残されたマクスヴェルトは未だに迷っていたが、リヴェリアが動じた様子を見せないのならとリアーナ達の元へ転移魔法を発動させた。
ーーーーーーーーーーーーーーーーーーー
異変を感じていたのはレイヴンの事を快く思っている者達ばかりでは無い。
西の大国アルドラス帝国皇帝ロズヴィック・ストロガウスもまた、玉座の間にまで響いて来た鼓動と咆哮に眉を顰めていた。

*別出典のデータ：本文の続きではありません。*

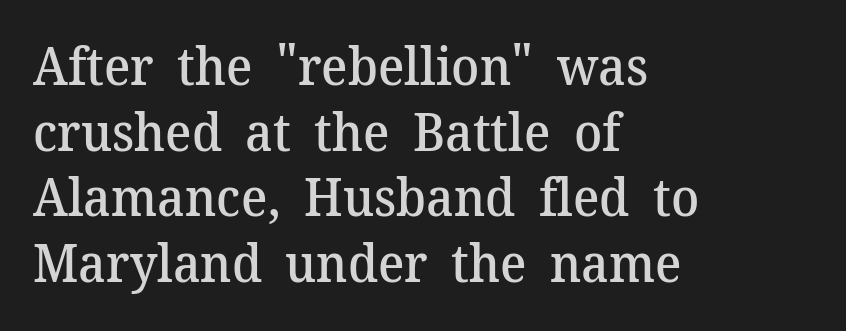
Each new line begins a customary step beneath the previous one. These lines are composed in type with serifs. Tracking here is standard; glyphs follow each other at the usual distance. These lines are rendered in a variable-pitch font.

「この音……そして咆哮。あの時の魔人か。しかし……」
レイヴンが帝国に来た時、クレアを連れ去られた怒りと殺意の込められた咆哮が帝国全土を大混乱に陥れた。殆どの兵士は戦意を失い、民もまた多くが意識を失った。
けれど今回のは違う。
咆哮に込められているのは敵意でも殺意でも無い。
「願い……」
皇帝の呟きに控えていた下臣達は顔を見合わせた。
皇帝ロズヴィックは曖昧で不確かな感情を信じてはいない。感情が無い訳ではないのだが、皇帝ロズヴィックが臣下達前でそんな事を口にした事自体が異例。決して感情に流される事の無い治世を貫いて来た皇帝の言葉とは思えない。
臣下の一人は皇帝の前に膝をついて言った。
「恐れながら皇帝陛下。願い、とは如何なる物なのでございましょうか?私はまたあの恐ろしい魔人とやらが活発に動き出したのではと危惧しておりますれば……その……」
臣下達に緊張が走る。
皇帝の許しなく言葉を発するなど自殺行為だ。第一騎士団長トラヴィスの耳に入ったなら処罰されるだけでは済まない。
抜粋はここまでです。